(Collection entries)
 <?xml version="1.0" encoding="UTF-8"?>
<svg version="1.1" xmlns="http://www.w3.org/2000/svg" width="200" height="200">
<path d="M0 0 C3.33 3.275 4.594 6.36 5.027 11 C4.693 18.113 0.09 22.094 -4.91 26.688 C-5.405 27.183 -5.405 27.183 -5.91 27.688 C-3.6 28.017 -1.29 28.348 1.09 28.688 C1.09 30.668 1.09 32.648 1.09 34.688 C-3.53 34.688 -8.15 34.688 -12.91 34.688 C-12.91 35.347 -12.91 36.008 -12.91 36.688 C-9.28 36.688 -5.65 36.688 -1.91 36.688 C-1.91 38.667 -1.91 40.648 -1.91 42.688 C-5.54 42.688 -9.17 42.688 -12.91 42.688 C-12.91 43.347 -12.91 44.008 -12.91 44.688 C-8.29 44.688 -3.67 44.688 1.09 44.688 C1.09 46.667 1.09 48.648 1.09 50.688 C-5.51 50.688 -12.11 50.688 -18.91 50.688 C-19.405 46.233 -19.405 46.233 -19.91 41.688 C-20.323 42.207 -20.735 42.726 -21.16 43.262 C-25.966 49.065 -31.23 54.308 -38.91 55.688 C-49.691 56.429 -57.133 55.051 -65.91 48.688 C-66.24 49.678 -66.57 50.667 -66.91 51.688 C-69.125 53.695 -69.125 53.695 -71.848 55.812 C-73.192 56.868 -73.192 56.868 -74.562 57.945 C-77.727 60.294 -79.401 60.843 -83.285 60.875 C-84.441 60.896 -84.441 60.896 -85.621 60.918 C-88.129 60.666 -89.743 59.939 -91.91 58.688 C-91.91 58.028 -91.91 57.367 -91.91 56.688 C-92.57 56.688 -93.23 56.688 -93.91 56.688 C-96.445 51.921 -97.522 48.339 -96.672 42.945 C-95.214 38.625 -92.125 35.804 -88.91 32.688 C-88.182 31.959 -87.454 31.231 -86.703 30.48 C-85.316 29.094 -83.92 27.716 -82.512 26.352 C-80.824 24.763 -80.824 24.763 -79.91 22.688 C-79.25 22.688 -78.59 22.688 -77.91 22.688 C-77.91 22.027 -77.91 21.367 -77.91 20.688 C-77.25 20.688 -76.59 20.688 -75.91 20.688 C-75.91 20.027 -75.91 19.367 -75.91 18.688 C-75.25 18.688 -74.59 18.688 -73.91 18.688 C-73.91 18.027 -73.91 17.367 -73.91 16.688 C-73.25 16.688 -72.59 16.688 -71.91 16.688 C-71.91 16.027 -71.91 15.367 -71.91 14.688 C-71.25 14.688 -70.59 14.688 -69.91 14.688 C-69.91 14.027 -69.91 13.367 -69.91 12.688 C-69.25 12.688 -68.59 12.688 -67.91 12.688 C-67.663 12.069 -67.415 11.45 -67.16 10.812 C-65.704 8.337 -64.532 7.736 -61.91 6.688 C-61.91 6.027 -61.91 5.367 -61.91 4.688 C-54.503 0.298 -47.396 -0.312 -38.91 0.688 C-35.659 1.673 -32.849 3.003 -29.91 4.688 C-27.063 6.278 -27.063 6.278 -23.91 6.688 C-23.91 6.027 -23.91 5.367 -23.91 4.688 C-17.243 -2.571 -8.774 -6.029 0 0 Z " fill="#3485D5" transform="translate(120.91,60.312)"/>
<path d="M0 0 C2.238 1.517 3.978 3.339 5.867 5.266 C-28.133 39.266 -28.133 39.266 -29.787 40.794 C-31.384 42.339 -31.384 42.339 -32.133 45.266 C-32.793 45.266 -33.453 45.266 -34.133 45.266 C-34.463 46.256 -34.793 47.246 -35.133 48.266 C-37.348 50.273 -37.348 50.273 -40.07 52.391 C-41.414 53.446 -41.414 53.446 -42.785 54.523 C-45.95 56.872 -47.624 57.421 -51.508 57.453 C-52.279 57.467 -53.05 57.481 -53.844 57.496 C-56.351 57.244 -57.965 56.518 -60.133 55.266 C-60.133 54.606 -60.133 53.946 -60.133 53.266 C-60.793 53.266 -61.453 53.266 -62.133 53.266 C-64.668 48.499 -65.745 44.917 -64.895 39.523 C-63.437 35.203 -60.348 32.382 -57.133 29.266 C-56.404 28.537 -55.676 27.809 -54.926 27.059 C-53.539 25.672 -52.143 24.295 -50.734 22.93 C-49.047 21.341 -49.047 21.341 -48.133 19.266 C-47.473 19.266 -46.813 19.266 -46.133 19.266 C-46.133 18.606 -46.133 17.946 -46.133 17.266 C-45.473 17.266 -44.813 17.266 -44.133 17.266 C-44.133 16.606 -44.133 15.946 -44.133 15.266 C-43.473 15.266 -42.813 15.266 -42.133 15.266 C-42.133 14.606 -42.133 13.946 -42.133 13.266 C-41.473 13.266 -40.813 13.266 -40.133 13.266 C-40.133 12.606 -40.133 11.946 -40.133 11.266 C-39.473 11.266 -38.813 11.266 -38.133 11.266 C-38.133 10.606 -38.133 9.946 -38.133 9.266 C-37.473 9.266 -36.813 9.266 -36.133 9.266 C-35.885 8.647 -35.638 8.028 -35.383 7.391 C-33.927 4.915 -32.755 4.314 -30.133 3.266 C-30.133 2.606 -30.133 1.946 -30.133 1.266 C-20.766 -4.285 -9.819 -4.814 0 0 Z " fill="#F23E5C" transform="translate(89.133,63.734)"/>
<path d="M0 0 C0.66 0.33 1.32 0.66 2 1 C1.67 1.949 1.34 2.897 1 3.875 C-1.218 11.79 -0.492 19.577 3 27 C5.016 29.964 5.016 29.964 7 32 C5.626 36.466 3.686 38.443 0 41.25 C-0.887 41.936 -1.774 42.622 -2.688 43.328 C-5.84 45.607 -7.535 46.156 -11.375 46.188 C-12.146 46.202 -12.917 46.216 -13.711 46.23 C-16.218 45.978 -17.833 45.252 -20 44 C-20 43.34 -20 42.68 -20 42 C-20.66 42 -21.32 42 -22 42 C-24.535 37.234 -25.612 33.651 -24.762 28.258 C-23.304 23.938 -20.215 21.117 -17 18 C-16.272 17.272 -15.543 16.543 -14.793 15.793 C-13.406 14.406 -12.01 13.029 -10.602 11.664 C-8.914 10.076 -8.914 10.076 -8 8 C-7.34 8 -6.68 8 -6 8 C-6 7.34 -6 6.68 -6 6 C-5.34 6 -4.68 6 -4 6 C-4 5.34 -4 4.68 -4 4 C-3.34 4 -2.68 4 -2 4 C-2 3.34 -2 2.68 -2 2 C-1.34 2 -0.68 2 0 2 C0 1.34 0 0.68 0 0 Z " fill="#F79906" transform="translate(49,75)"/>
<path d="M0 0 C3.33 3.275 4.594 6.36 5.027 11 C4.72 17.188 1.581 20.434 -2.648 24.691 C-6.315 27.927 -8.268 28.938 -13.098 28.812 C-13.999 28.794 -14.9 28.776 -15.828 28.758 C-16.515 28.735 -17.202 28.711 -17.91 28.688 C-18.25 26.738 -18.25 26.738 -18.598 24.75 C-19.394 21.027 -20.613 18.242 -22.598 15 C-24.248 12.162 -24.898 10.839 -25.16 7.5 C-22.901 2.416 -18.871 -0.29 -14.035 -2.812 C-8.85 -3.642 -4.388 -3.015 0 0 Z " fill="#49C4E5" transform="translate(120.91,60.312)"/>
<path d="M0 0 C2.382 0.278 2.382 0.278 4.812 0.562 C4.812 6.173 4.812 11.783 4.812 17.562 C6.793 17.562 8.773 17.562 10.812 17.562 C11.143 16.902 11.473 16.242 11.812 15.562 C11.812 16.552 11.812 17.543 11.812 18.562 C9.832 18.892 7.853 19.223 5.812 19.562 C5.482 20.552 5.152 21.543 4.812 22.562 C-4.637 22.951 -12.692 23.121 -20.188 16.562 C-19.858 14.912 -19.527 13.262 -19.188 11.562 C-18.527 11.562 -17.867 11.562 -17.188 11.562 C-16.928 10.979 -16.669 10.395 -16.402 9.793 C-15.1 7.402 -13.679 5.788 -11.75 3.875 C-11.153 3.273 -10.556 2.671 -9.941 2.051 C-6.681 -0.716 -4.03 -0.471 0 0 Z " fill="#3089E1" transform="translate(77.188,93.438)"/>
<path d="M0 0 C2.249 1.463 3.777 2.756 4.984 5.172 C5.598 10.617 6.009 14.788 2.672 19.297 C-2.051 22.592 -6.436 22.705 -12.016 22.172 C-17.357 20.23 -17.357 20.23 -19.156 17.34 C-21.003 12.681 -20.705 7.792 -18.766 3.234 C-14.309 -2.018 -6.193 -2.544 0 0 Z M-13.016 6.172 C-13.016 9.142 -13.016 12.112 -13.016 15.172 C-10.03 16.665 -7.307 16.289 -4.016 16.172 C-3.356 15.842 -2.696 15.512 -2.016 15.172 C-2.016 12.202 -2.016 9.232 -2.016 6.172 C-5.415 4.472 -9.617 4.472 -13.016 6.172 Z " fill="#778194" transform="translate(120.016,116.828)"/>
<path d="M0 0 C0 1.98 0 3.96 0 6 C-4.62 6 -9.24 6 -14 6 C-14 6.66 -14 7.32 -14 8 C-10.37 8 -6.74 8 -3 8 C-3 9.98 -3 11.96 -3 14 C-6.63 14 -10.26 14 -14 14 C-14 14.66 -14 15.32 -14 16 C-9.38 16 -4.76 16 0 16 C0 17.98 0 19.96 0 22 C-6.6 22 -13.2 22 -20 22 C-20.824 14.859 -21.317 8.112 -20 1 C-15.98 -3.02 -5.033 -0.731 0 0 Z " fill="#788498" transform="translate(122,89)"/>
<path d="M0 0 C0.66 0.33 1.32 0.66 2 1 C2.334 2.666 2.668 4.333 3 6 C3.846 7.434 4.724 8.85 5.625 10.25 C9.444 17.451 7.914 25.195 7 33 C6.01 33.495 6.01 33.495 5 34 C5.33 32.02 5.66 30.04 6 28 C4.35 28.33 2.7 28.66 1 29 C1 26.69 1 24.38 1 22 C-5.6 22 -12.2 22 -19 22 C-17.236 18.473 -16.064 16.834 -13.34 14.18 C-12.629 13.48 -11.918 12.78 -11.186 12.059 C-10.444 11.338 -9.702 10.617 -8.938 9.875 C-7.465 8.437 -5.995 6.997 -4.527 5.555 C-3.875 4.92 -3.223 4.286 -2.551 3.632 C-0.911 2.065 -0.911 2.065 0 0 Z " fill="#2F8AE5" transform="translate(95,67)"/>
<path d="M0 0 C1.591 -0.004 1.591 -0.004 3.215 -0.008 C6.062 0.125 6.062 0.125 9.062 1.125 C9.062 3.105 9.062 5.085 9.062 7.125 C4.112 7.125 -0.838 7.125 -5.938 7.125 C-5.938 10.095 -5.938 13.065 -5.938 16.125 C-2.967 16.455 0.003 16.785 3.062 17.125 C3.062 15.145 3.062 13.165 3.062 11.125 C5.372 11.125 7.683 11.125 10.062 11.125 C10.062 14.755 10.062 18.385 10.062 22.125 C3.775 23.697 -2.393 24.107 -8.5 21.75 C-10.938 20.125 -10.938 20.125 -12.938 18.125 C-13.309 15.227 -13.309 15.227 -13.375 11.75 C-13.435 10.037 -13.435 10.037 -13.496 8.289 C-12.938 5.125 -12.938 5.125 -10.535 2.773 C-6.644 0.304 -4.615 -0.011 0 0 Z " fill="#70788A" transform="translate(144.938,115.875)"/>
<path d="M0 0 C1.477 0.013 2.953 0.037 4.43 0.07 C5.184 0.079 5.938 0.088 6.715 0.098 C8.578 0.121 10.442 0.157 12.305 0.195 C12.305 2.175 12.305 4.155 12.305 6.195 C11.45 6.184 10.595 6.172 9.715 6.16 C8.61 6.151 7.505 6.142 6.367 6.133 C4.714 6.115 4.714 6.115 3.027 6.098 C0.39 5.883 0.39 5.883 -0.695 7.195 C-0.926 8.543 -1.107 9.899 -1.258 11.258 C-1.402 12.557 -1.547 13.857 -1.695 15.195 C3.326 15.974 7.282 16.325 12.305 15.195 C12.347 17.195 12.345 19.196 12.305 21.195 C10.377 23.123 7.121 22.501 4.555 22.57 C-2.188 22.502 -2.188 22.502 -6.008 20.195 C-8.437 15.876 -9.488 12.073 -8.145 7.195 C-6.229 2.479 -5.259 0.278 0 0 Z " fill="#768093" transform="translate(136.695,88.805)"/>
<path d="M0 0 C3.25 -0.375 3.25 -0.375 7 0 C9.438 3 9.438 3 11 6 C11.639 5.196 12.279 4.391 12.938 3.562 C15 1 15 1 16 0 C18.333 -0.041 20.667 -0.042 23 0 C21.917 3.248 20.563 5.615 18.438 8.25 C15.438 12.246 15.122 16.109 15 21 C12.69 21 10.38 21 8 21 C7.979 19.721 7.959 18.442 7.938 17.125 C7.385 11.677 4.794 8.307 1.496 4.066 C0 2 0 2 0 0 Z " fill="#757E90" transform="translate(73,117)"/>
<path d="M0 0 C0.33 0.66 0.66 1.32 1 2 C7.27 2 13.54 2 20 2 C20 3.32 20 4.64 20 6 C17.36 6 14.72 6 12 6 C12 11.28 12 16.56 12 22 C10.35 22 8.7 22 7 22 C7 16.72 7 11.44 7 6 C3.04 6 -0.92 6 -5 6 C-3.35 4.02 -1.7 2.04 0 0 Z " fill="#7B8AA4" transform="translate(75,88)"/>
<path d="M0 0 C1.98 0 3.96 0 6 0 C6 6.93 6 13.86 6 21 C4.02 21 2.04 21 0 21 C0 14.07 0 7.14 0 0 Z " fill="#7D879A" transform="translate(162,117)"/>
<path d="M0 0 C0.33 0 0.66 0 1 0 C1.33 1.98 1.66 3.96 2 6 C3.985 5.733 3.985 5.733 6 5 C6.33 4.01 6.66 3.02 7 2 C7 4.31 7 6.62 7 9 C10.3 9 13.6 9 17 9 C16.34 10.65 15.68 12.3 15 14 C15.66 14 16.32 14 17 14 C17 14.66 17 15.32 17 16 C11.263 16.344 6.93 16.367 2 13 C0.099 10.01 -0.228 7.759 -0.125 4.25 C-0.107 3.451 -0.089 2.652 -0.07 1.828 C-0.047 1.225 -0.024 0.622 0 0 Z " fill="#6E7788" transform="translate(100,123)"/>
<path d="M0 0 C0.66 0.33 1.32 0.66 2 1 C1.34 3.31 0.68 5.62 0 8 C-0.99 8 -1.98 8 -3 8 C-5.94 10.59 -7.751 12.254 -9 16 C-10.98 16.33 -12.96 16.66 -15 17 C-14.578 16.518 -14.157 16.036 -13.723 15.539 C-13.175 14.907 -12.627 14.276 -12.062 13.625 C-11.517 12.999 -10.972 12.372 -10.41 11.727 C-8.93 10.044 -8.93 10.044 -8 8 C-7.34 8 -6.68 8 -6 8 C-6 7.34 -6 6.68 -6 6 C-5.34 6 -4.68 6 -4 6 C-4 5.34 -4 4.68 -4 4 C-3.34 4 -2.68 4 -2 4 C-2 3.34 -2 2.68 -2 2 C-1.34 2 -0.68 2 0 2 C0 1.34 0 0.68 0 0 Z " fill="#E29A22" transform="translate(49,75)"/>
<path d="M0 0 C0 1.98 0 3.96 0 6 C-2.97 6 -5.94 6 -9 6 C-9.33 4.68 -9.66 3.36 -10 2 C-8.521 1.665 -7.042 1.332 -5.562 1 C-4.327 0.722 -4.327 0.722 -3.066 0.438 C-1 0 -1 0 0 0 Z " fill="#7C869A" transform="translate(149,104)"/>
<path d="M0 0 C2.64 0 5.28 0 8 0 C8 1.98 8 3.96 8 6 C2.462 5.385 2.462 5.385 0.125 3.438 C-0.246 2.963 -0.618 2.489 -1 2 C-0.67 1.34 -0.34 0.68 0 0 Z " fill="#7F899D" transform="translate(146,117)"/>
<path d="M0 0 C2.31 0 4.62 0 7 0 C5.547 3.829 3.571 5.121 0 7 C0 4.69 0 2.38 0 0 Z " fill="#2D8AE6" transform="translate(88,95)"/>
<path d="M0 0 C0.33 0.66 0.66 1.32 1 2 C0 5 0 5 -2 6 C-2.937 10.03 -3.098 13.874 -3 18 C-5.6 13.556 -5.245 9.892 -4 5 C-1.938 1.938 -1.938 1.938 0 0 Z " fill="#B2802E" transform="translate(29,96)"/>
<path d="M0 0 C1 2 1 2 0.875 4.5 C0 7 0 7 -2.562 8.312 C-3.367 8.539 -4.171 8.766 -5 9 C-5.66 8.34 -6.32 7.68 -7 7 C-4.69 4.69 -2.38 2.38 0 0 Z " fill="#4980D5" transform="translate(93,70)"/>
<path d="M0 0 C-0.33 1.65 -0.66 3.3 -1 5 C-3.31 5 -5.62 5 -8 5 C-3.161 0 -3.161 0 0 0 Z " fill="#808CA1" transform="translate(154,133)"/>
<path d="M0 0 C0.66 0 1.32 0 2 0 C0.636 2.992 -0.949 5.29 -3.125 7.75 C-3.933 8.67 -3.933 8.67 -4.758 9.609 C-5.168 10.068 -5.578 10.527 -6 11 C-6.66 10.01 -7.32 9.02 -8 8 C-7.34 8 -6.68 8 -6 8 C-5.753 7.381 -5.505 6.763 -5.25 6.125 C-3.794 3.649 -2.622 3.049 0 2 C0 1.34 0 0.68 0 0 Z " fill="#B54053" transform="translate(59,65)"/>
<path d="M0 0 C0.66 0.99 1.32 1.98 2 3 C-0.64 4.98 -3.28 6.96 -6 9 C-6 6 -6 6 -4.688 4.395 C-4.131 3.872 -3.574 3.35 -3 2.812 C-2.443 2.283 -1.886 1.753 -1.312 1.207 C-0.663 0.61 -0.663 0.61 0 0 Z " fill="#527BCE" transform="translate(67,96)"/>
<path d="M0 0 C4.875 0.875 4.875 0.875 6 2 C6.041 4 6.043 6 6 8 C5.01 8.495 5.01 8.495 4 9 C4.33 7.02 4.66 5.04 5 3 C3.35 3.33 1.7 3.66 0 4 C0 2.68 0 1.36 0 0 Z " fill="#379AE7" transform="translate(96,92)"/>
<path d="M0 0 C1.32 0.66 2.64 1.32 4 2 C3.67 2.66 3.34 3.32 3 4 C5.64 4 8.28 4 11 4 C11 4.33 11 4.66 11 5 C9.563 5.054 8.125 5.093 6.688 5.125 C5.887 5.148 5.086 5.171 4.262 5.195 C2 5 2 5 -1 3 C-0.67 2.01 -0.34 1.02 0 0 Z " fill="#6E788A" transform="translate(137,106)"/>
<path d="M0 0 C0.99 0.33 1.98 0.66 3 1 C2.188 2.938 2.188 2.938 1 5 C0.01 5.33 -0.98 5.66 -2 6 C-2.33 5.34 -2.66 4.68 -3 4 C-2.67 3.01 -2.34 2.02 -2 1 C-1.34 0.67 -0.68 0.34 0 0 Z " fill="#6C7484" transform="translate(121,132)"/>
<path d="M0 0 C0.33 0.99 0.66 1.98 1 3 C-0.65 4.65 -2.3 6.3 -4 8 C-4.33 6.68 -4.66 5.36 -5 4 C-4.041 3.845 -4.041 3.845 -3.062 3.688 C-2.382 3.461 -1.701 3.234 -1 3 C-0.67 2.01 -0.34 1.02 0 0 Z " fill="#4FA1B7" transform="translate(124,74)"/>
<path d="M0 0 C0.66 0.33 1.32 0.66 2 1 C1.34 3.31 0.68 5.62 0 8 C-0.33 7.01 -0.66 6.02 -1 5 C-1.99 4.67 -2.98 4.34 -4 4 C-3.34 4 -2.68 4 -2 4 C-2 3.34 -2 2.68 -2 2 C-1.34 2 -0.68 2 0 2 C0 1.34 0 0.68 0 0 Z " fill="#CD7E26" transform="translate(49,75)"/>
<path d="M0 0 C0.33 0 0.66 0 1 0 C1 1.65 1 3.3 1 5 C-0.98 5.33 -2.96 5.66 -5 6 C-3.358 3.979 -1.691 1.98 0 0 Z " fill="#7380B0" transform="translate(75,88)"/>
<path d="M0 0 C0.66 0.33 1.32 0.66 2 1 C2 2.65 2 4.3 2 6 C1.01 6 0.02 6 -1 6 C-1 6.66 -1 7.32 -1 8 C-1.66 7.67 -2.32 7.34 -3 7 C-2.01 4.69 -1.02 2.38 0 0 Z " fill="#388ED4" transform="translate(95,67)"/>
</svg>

TASK TO CARRY OUT: When you find a line in the records that contains the word "version", copy it.

ANSWER SPACE:
 <?xml version="1.0" encoding="UTF-8"?>
<svg version="1.1" xmlns="http://www.w3.org/2000/svg" width="200" height="200">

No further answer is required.